▸ **Records for the exercise**
------------------------
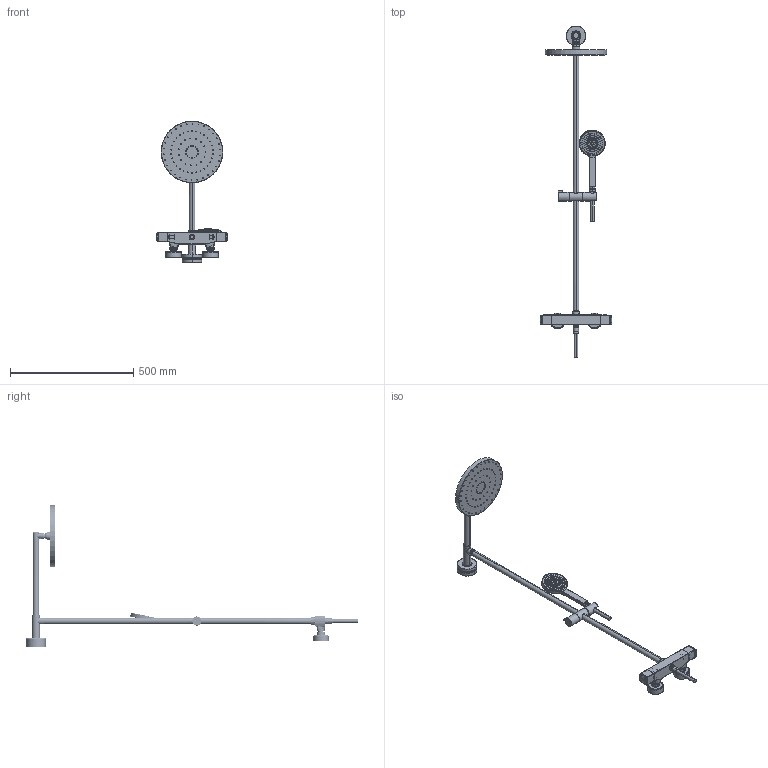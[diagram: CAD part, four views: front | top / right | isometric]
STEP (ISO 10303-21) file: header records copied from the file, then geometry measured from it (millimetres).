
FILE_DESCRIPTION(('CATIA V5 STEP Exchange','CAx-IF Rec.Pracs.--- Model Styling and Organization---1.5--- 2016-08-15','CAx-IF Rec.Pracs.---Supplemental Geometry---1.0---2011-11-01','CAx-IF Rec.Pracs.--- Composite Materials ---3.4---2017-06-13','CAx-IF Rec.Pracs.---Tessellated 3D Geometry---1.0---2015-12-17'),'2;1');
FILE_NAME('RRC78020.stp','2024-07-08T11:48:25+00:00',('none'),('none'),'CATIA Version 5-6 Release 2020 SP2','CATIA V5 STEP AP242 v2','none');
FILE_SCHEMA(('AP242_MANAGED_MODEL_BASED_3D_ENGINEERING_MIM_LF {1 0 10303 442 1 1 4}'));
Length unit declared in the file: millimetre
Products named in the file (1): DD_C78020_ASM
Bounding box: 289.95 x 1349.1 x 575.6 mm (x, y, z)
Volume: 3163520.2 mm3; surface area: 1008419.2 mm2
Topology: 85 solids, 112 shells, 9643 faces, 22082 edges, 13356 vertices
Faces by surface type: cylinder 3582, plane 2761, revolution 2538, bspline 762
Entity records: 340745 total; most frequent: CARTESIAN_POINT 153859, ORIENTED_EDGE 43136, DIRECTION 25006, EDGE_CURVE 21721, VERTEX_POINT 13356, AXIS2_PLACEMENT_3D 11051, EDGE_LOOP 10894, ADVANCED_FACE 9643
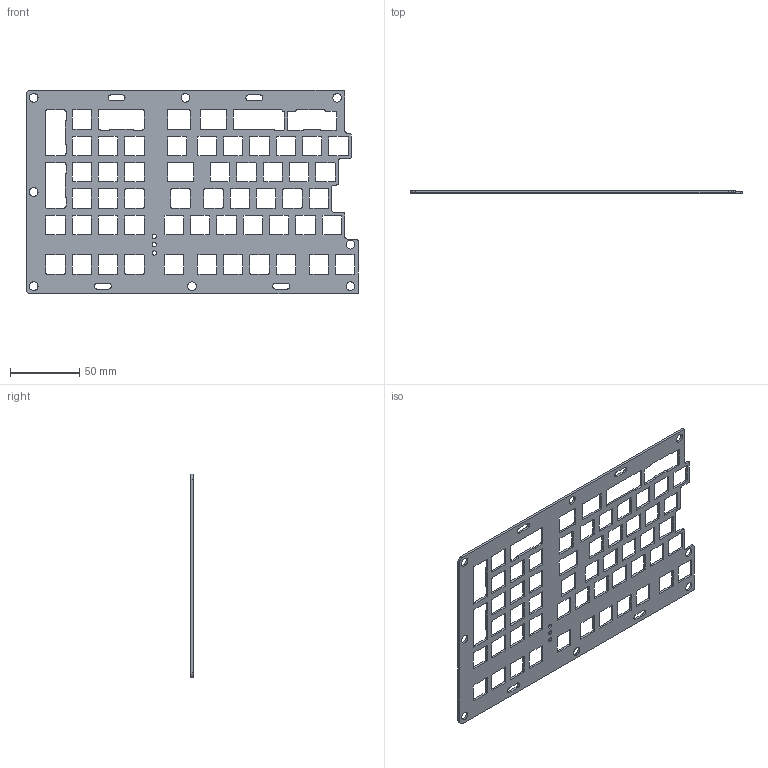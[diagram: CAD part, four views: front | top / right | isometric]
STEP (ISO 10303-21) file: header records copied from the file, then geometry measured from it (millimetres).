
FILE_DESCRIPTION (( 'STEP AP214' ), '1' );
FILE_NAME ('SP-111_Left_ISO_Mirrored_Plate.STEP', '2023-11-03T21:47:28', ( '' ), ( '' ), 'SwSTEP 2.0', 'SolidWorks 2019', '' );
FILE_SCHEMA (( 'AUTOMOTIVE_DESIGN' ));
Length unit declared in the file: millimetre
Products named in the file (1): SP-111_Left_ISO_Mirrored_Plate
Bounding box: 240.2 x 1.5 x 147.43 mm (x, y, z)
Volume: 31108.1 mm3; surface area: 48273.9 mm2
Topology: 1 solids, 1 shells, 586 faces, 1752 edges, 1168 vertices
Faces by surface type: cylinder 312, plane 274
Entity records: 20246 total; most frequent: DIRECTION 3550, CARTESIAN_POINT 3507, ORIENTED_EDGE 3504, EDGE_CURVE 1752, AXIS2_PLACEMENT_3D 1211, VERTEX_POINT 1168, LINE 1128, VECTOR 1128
------------------------
▸ **Task item**
Keep every word of the lines above unchanged in the copy, and omit the pictures.

▸ **Answer for the task**
[diagram: CAD part, four views: front | top / right | isometric]
STEP (ISO 10303-21) file: header records copied from the file, then geometry measured from it (millimetres).
FILE_DESCRIPTION(('CATIA V5 STEP Exchange','CAx-IF Rec.Pracs.--- Model Styling and Organization---1.5--- 2016-08-15','CAx-IF Rec.Pracs.---Supplemental Geometry---1.0---2011-11-01','CAx-IF Rec.Pracs.--- Composite Materials ---3.4---2017-06-13','CAx-IF Rec.Pracs.---Tessellated 3D Geometry---1.0---2015-12-17'),'2;1');
FILE_NAME('RRC78020.stp','2024-07-08T11:48:25+00:00',('none'),('none'),'CATIA Version 5-6 Release 2020 SP2','CATIA V5 STEP AP242 v2','none');
FILE_SCHEMA(('AP242_MANAGED_MODEL_BASED_3D_ENGINEERING_MIM_LF {1 0 10303 442 1 1 4}'));
Length unit declared in the file: millimetre
Products named in the file (1): DD_C78020_ASM
Bounding box: 289.95 x 1349.1 x 575.6 mm (x, y, z)
Volume: 3163520.2 mm3; surface area: 1008419.2 mm2
Topology: 85 solids, 112 shells, 9643 faces, 22082 edges, 13356 vertices
Faces by surface type: cylinder 3582, plane 2761, revolution 2538, bspline 762
Entity records: 340745 total; most frequent: CARTESIAN_POINT 153859, ORIENTED_EDGE 43136, DIRECTION 25006, EDGE_CURVE 21721, VERTEX_POINT 13356, AXIS2_PLACEMENT_3D 11051, EDGE_LOOP 10894, ADVANCED_FACE 9643
[diagram: CAD part, four views: front | top / right | isometric]
STEP (ISO 10303-21) file: header records copied from the file, then geometry measured from it (millimetres).
FILE_DESCRIPTION (( 'STEP AP214' ), '1' );
FILE_NAME ('SP-111_Left_ISO_Mirrored_Plate.STEP', '2023-11-03T21:47:28', ( '' ), ( '' ), 'SwSTEP 2.0', 'SolidWorks 2019', '' );
FILE_SCHEMA (( 'AUTOMOTIVE_DESIGN' ));
Length unit declared in the file: millimetre
Products named in the file (1): SP-111_Left_ISO_Mirrored_Plate
Bounding box: 240.2 x 1.5 x 147.43 mm (x, y, z)
Volume: 31108.1 mm3; surface area: 48273.9 mm2
Topology: 1 solids, 1 shells, 586 faces, 1752 edges, 1168 vertices
Faces by surface type: cylinder 312, plane 274
Entity records: 20246 total; most frequent: DIRECTION 3550, CARTESIAN_POINT 3507, ORIENTED_EDGE 3504, EDGE_CURVE 1752, AXIS2_PLACEMENT_3D 1211, VERTEX_POINT 1168, LINE 1128, VECTOR 1128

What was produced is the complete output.